The Consumer Financial Protection Bureau requires lenders to provide adverse action notices explaining why a credit application was denied. This requirement creates a tension with complex machine learning models whose decisions are difficult to explain. A model that considers 1,500 variables and uses non-linear relationships between them cannot easily produce a simple explanation like “insufficient credit history.” Fintech companies are investing in explainability techniques (SHAP values, partial dependence plots, surrogate models) that translate complex model decisions into human-readable explanations that satisfy regulatory requirements.
The Road Ahead
Grand View Research estimates that generative AI in financial services will grow from $2.21 billion in 2024 to $25.71 billion by 2033. A significant portion of that growth will flow into credit risk applications as generative AI enables new capabilities: processing unstructured data like bank statement PDFs, generating explanations for credit decisions in natural language, and creating synthetic training data to address class imbalance problems in default prediction.
The most significant shift will be in emerging markets. Billions of people worldwide lack formal credit histories. Traditional credit scoring cannot serve them. Machine learning models that use alternative data, including mobile phone activity, utility payment records, social commerce transaction data, and digital wallet behaviour, are extending credit access to populations that traditional finance has never reached.

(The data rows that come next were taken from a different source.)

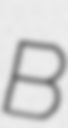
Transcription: B
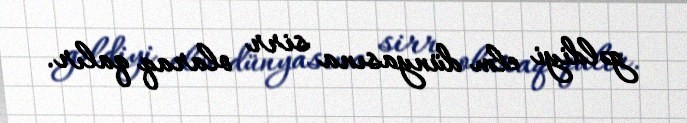
gəldiyi elm dünyasına sirr olaraq qalır.
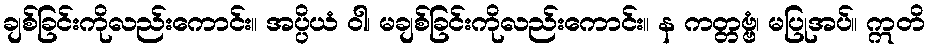
ချစ်ခြင်းကိုလည်းကောင်း။ အပ္ပိယံ ဝါ၊ မချစ်ခြင်းကိုလည်းကောင်း။ န ကတ္တဗ္ဗံ၊ မပြုအပ်။ ဣတိ
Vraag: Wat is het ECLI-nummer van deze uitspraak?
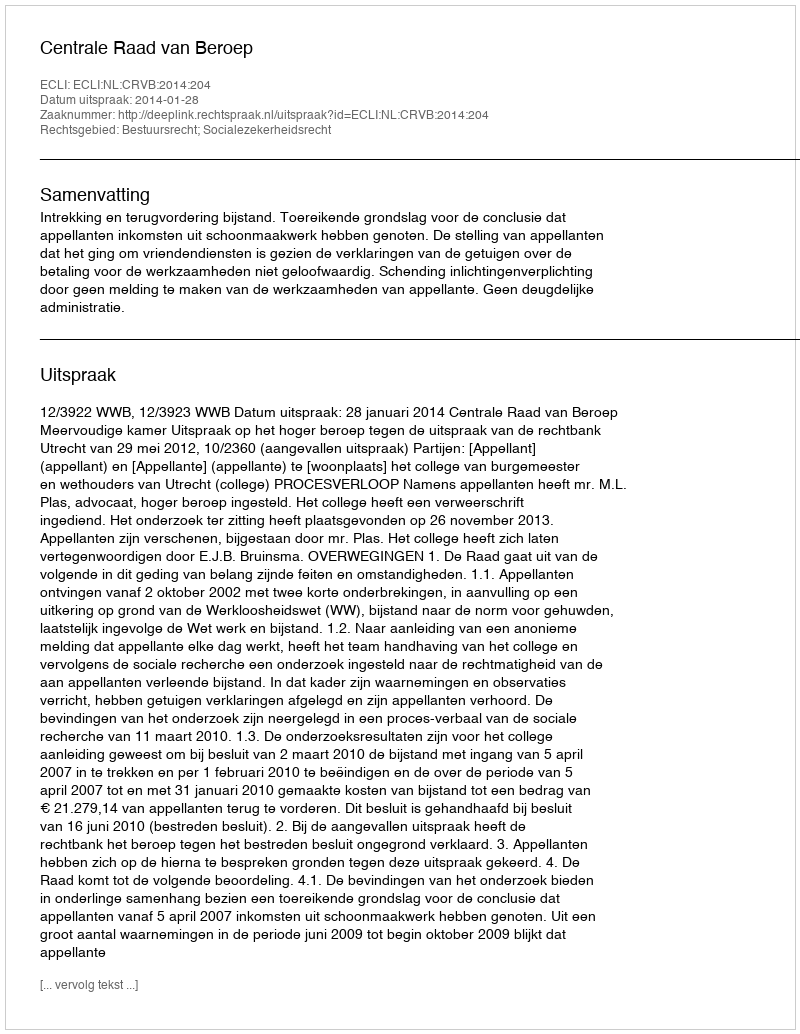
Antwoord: ECLI:NL:CRVB:2014:204

Tala has disbursed over $4 billion in loans across Africa, South Asia, and Latin America using mobile data-based credit scoring. M-Shwari, a mobile lending product in Kenya operated by Safaricom and NCBA Bank, uses M-Pesa transaction data to assess creditworthiness and has served over 30 million borrowers. These products exist only because machine learning can evaluate creditworthiness from data sources that traditional models were never designed to process.
Credit risk assessment is not moving toward machine learning. It has already moved. The remaining question is how quickly regulators, traditional lenders, and credit bureaus adapt their frameworks to accommodate models that are demonstrably more accurate, more inclusive, and more adaptive than the scoring systems they are replacing.